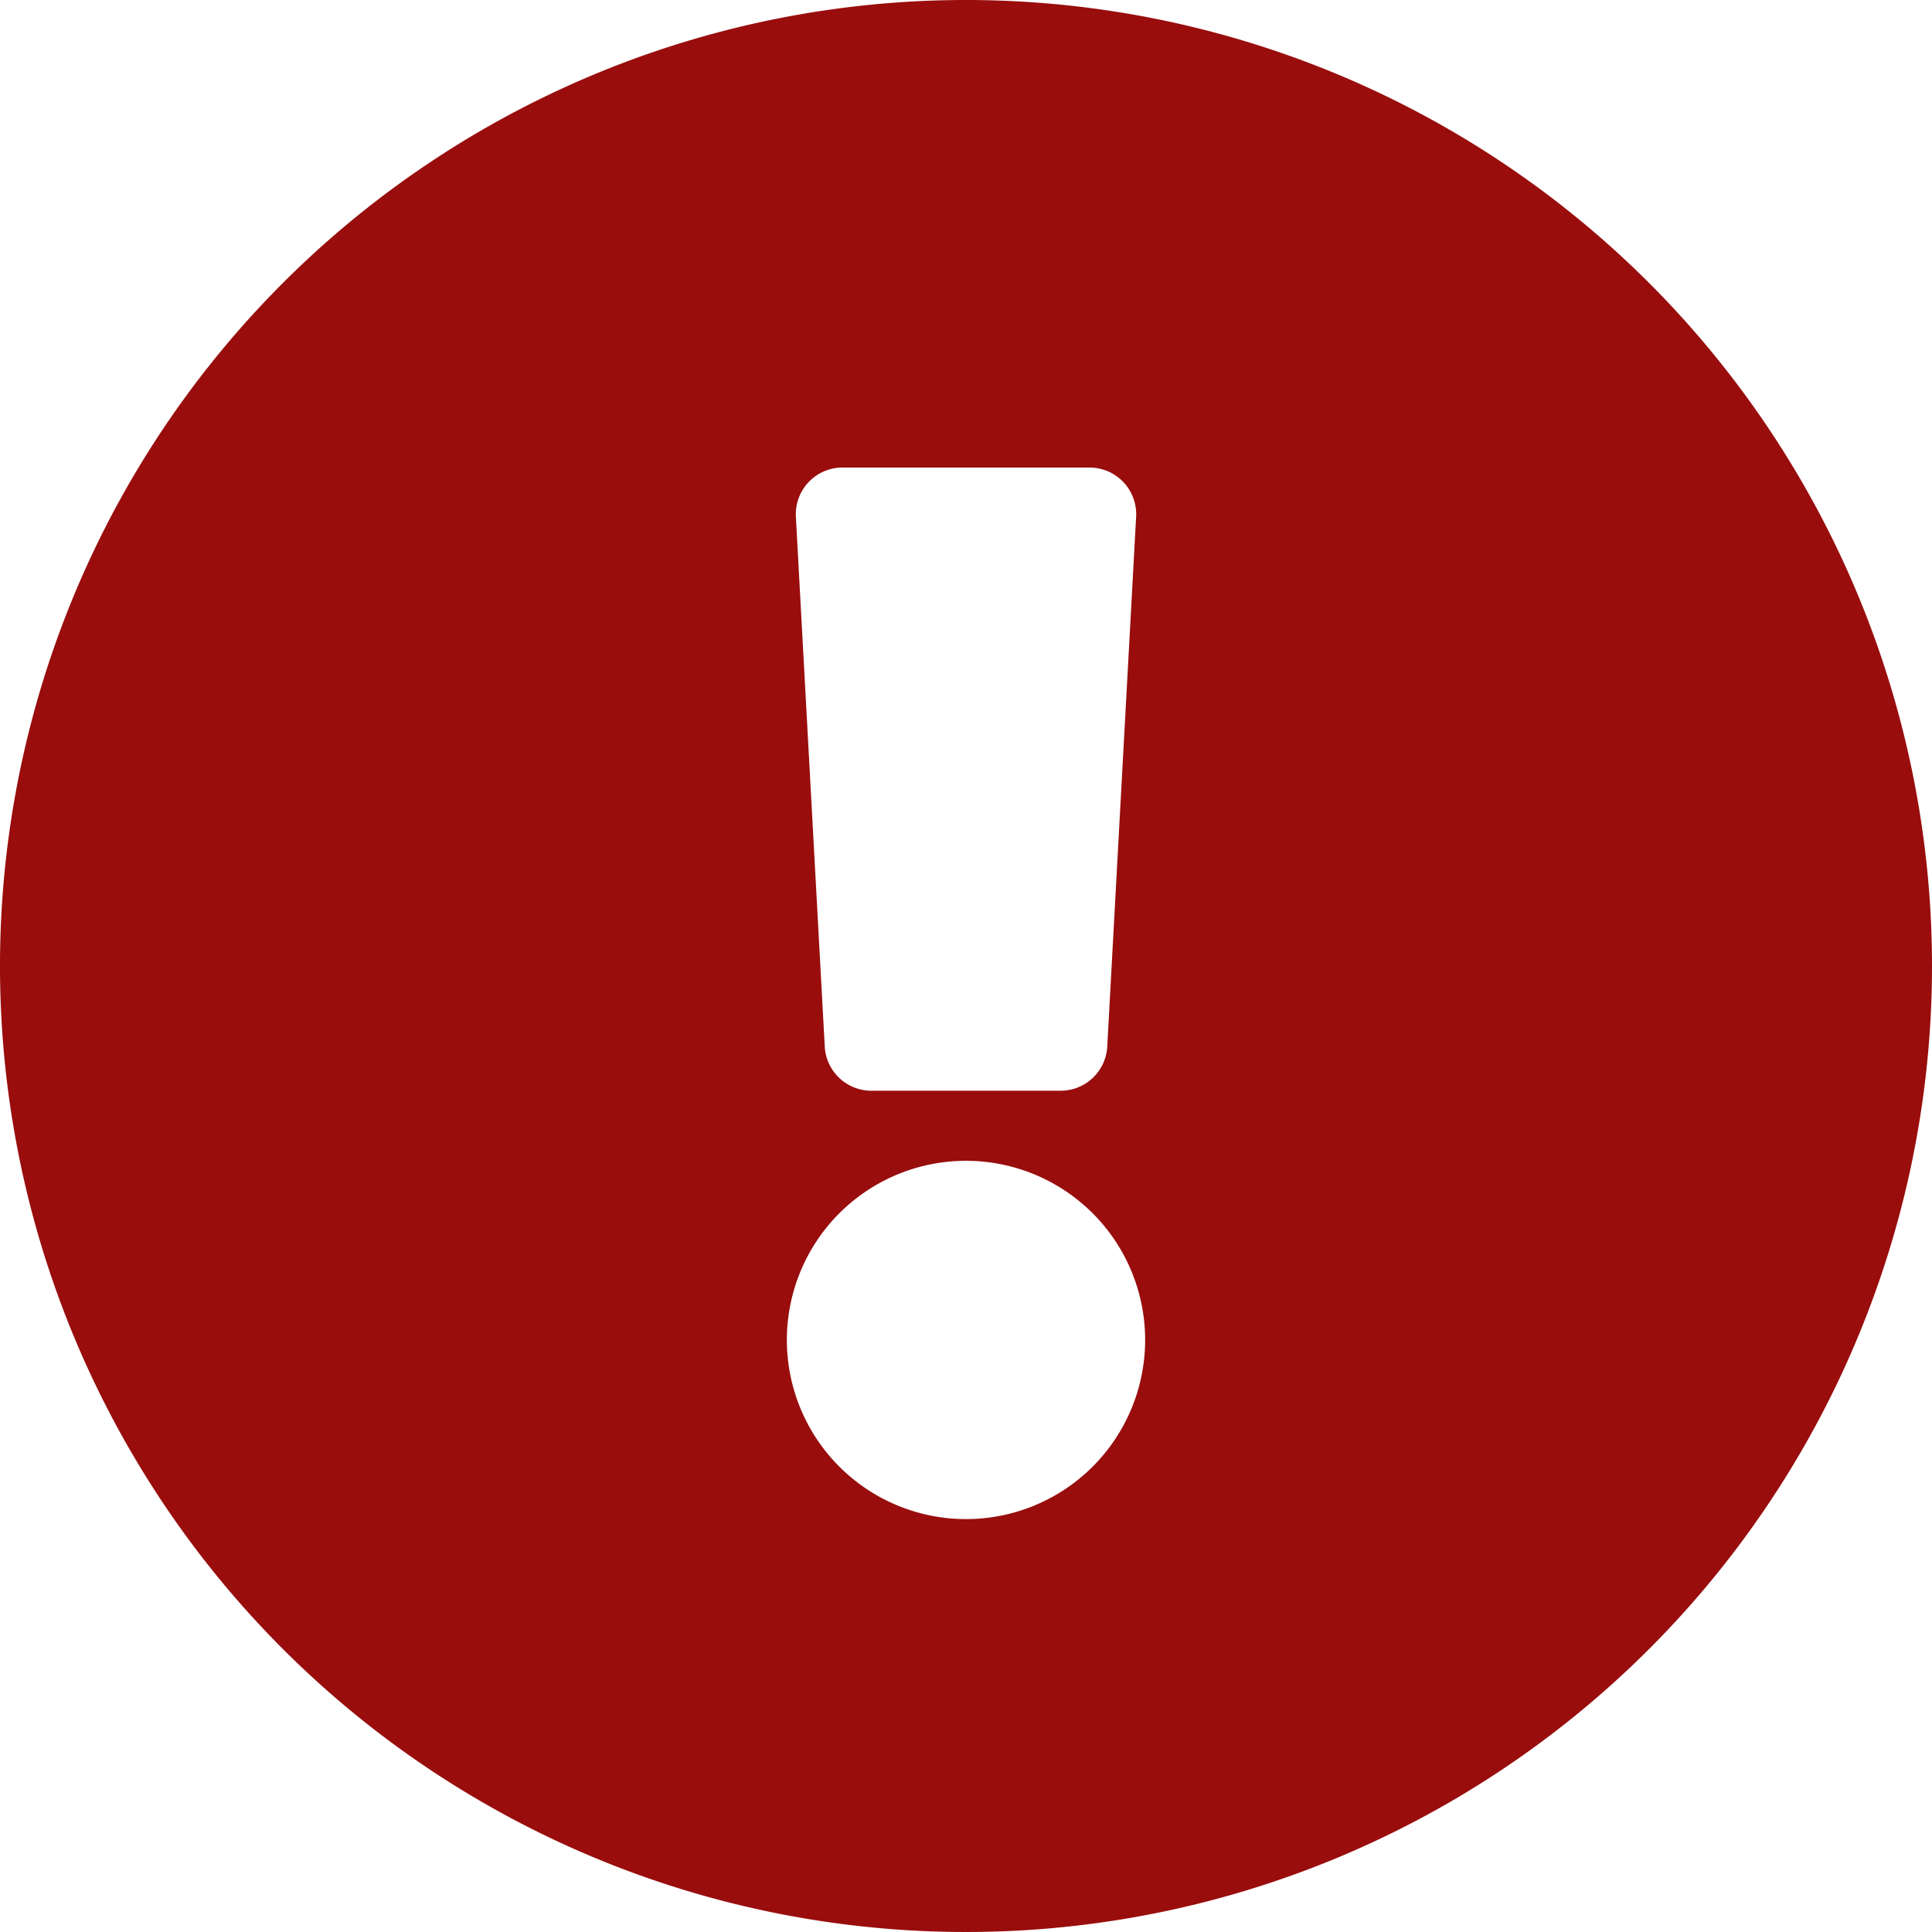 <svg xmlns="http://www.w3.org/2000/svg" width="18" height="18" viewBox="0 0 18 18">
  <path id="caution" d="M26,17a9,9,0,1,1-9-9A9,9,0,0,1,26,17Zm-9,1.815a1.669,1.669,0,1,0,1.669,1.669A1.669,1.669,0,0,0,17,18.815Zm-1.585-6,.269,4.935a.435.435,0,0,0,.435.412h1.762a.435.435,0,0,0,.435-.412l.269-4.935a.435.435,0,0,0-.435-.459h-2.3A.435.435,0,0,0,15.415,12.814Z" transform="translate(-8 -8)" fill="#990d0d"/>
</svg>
────────────────────────────────────────
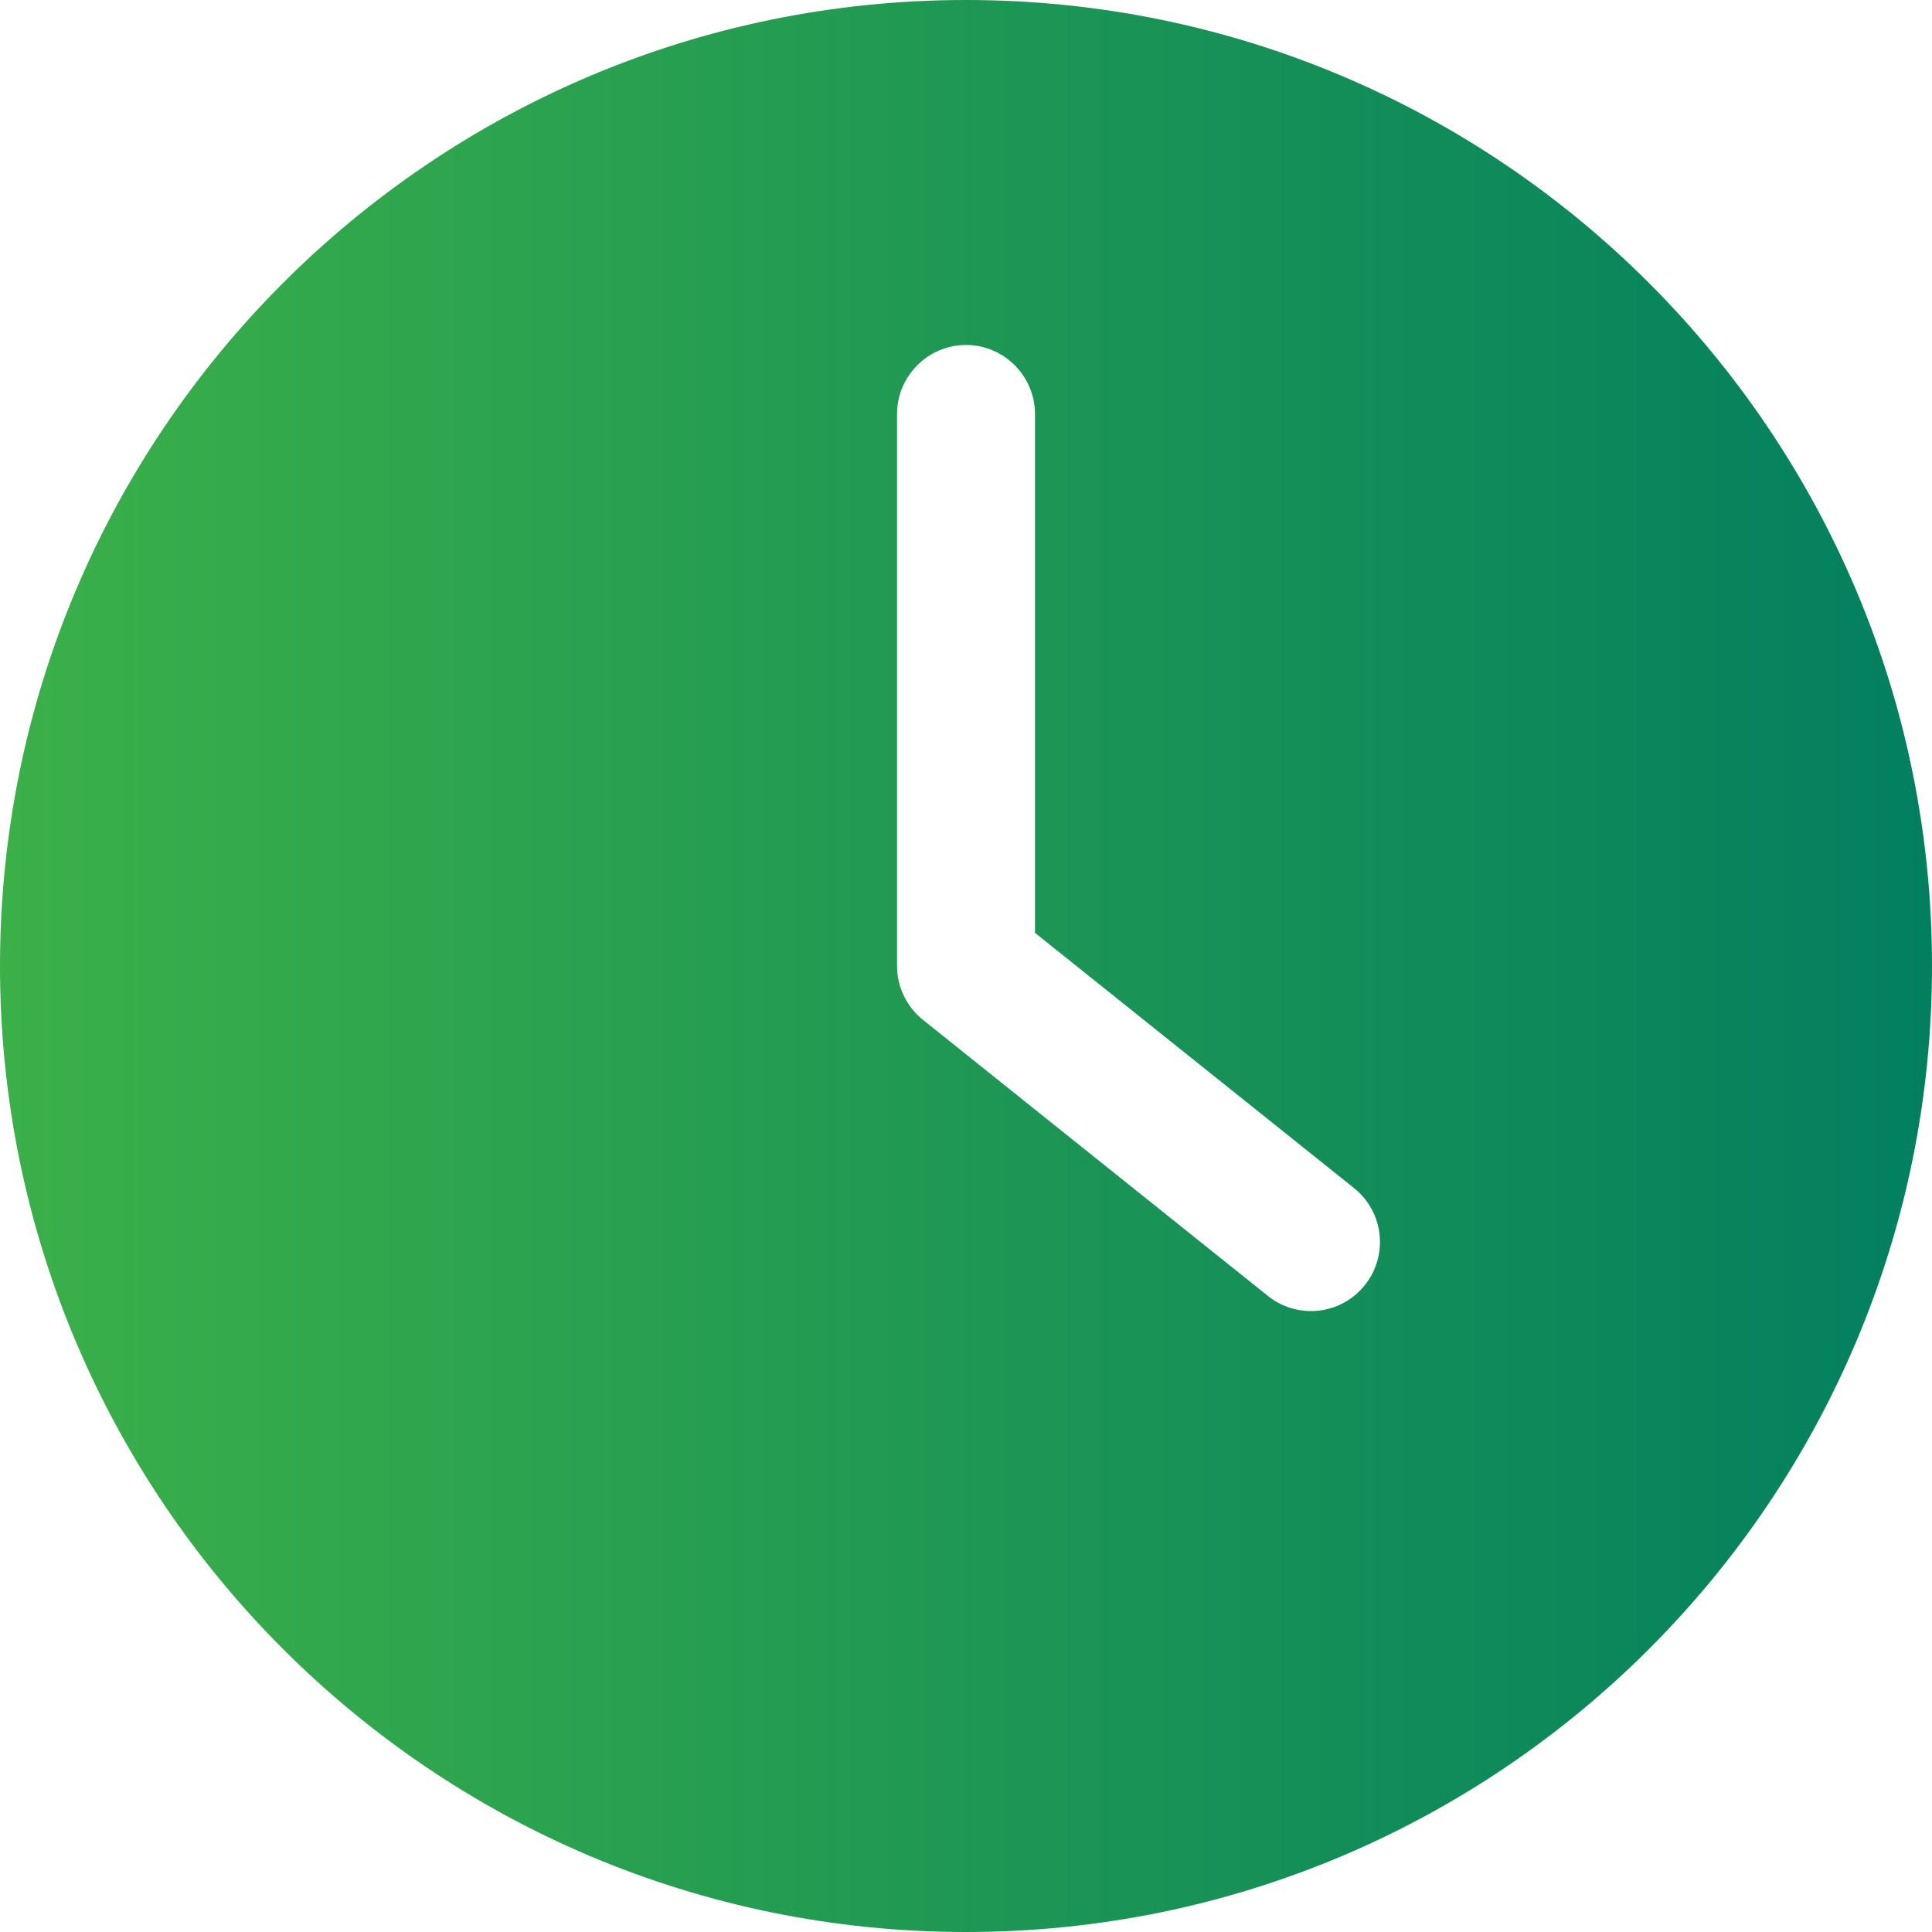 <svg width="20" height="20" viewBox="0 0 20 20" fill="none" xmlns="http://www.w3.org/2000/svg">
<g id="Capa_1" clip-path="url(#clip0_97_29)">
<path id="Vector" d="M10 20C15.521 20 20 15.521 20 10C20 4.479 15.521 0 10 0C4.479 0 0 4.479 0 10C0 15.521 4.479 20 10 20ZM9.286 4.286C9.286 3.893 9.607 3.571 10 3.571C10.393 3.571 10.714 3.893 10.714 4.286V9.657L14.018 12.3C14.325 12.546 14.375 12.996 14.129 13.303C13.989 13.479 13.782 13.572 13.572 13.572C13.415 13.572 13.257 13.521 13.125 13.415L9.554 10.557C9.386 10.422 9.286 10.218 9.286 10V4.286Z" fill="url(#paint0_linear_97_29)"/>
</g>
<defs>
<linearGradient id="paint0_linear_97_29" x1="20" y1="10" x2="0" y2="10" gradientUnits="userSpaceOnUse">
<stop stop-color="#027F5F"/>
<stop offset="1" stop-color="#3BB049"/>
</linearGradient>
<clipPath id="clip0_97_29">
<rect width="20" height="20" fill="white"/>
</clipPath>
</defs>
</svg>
────────────────────────────────────────
• Exercise goal: When a line in the entries above holds the word "stop", add it to the count, then state only the count.

• Exercise output: 2